What you will do:
Retype all data exactly as given. Pictures should not be retyped.

Records from a data collection:
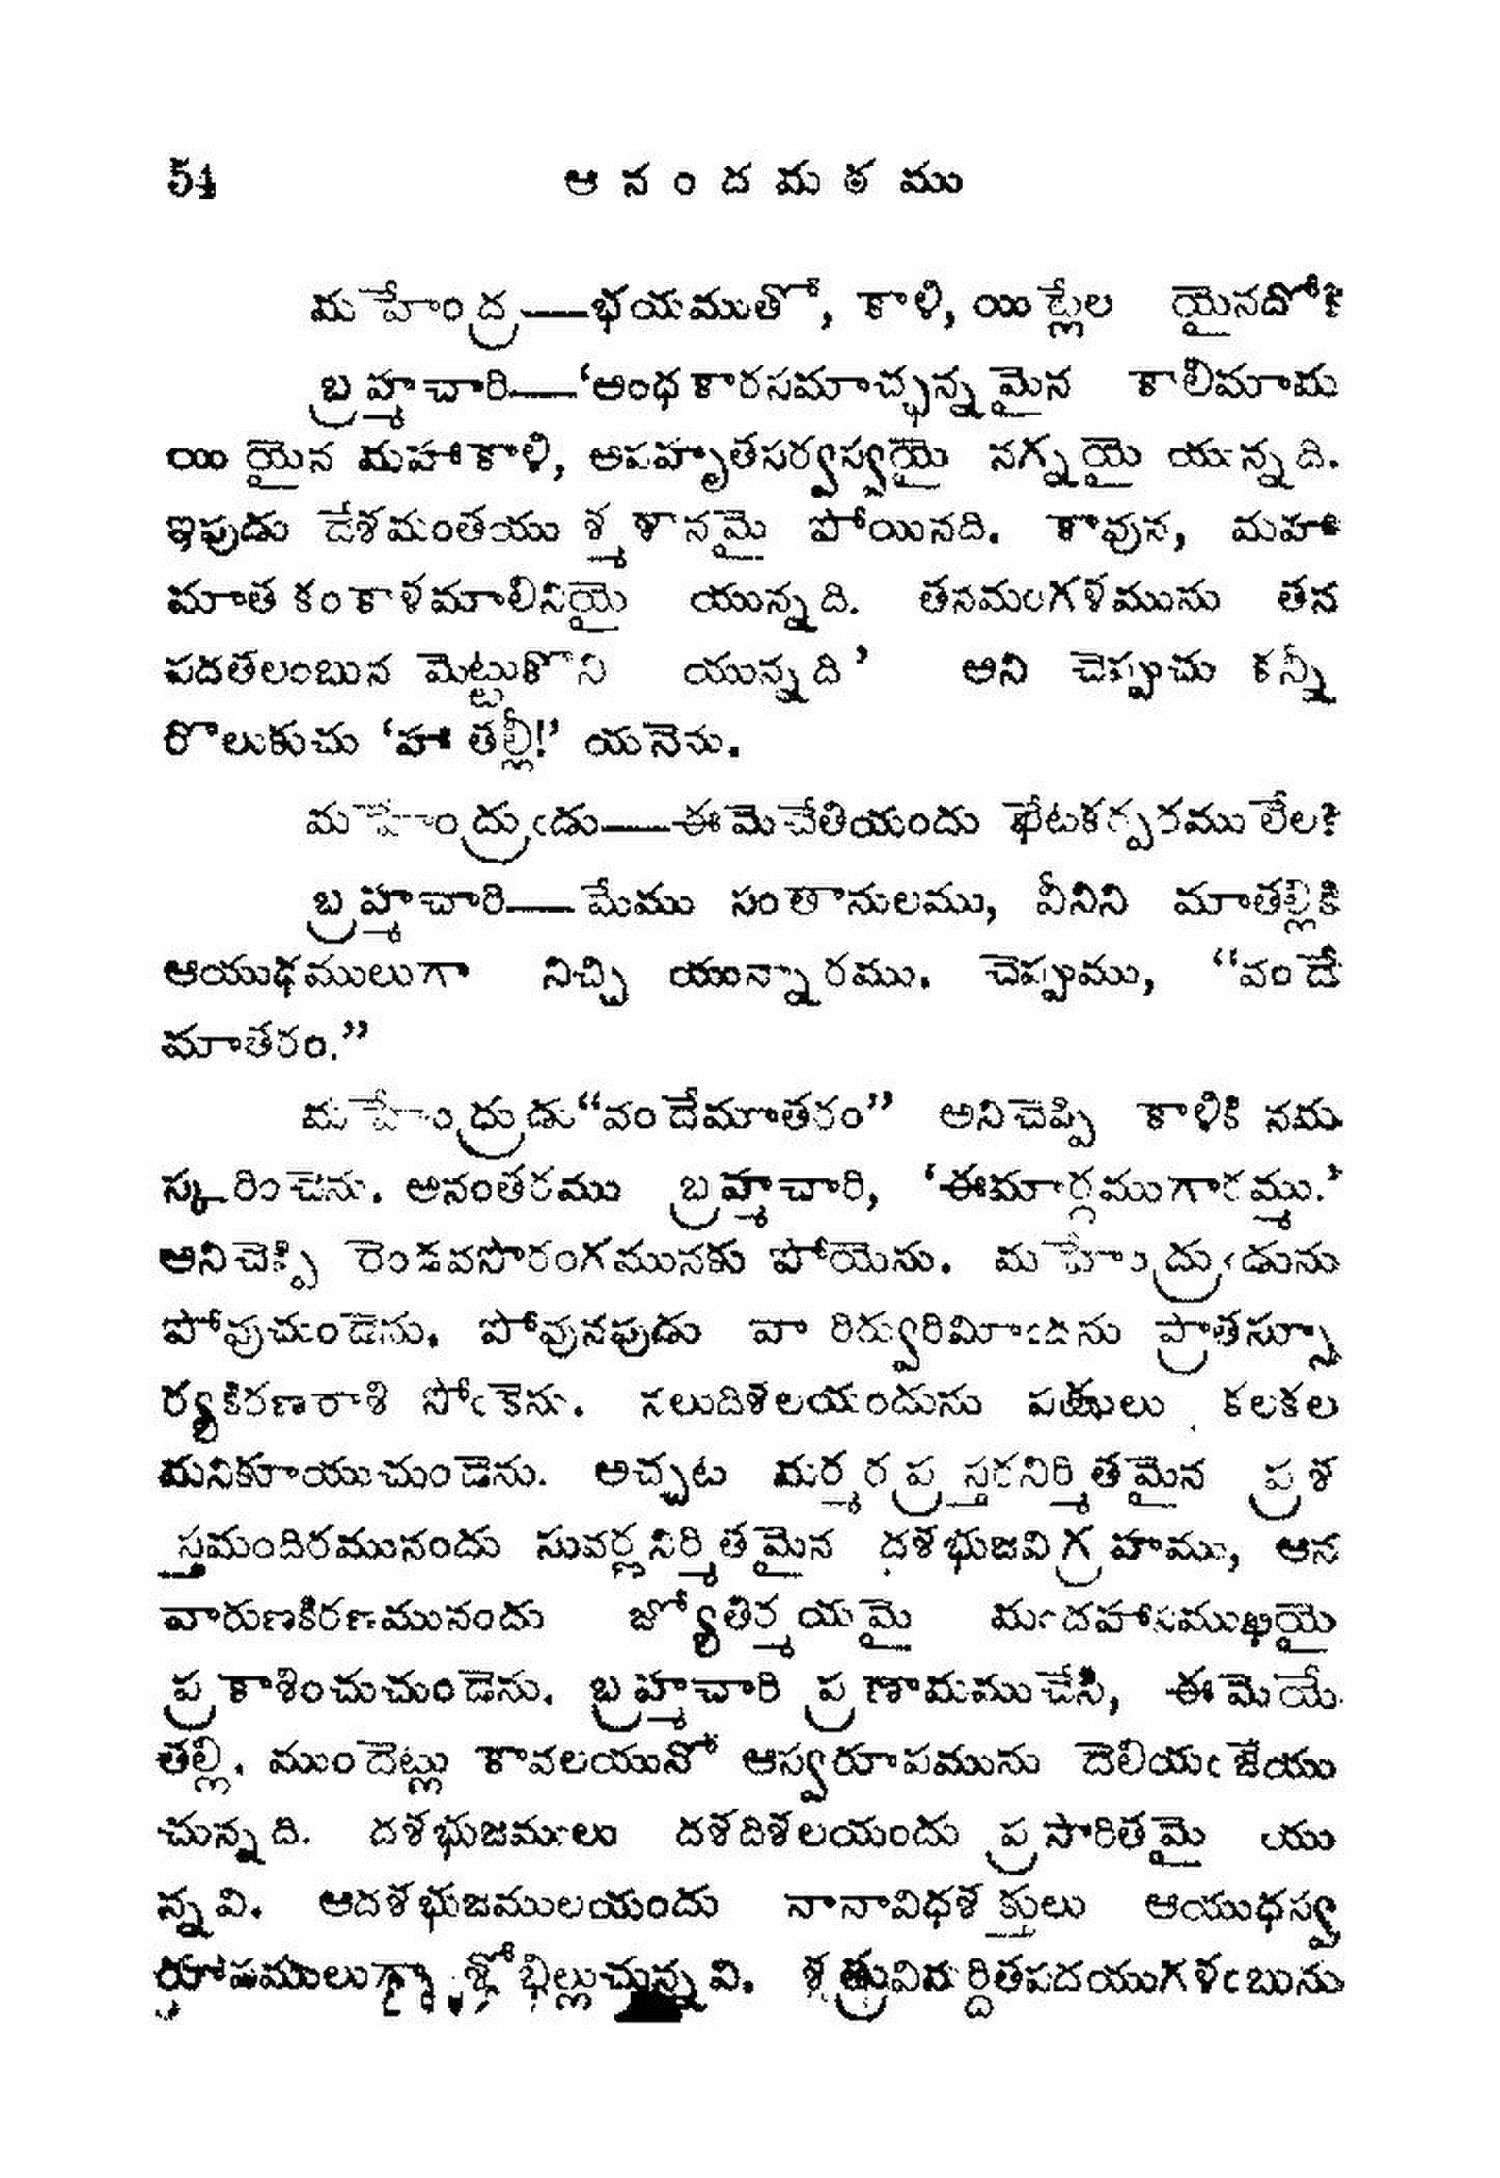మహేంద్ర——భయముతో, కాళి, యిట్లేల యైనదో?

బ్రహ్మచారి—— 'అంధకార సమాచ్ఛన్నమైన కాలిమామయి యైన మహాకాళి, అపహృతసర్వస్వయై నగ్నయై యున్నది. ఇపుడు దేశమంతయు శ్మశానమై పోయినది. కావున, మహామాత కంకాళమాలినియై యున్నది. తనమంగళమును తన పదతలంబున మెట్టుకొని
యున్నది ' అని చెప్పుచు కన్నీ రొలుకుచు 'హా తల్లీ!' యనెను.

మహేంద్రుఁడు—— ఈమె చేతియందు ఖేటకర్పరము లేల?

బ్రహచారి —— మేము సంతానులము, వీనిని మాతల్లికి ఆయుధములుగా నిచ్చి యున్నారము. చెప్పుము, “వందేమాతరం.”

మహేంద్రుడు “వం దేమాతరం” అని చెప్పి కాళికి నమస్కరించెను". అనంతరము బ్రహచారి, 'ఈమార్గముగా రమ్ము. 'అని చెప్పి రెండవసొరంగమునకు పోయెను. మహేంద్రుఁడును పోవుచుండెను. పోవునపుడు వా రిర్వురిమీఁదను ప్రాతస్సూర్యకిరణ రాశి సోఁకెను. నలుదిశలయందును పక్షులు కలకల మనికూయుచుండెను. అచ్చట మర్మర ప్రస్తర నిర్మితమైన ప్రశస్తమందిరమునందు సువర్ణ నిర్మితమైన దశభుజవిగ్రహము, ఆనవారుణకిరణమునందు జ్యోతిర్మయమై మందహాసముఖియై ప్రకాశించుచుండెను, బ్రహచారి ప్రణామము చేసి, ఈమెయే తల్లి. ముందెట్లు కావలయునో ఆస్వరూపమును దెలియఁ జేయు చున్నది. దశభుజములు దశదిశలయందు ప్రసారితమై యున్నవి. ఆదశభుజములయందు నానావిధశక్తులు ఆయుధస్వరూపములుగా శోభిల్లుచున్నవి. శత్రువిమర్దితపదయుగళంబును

Result for this exercise:
మహేంద్ర——భయముతో, కాళి, యిట్లేల యైనదో?

బ్రహ్మచారి—— 'అంధకార సమాచ్ఛన్నమైన కాలిమామయి యైన మహాకాళి, అపహృతసర్వస్వయై నగ్నయై యున్నది. ఇపుడు దేశమంతయు శ్మశానమై పోయినది. కావున, మహామాత కంకాళమాలినియై యున్నది. తనమంగళమును తన పదతలంబున మెట్టుకొని
యున్నది ' అని చెప్పుచు కన్నీ రొలుకుచు 'హా తల్లీ!' యనెను.

మహేంద్రుఁడు—— ఈమె చేతియందు ఖేటకర్పరము లేల?

బ్రహచారి —— మేము సంతానులము, వీనిని మాతల్లికి ఆయుధములుగా నిచ్చి యున్నారము. చెప్పుము, “వందేమాతరం.”

మహేంద్రుడు “వం దేమాతరం” అని చెప్పి కాళికి నమస్కరించెను". అనంతరము బ్రహచారి, 'ఈమార్గముగా రమ్ము. 'అని చెప్పి రెండవసొరంగమునకు పోయెను. మహేంద్రుఁడును పోవుచుండెను. పోవునపుడు వా రిర్వురిమీఁదను ప్రాతస్సూర్యకిరణ రాశి సోఁకెను. నలుదిశలయందును పక్షులు కలకల మనికూయుచుండెను. అచ్చట మర్మర ప్రస్తర నిర్మితమైన ప్రశస్తమందిరమునందు సువర్ణ నిర్మితమైన దశభుజవిగ్రహము, ఆనవారుణకిరణమునందు జ్యోతిర్మయమై మందహాసముఖియై ప్రకాశించుచుండెను, బ్రహచారి ప్రణామము చేసి, ఈమెయే తల్లి. ముందెట్లు కావలయునో ఆస్వరూపమును దెలియఁ జేయు చున్నది. దశభుజములు దశదిశలయందు ప్రసారితమై యున్నవి. ఆదశభుజములయందు నానావిధశక్తులు ఆయుధస్వరూపములుగా శోభిల్లుచున్నవి. శత్రువిమర్దితపదయుగళంబును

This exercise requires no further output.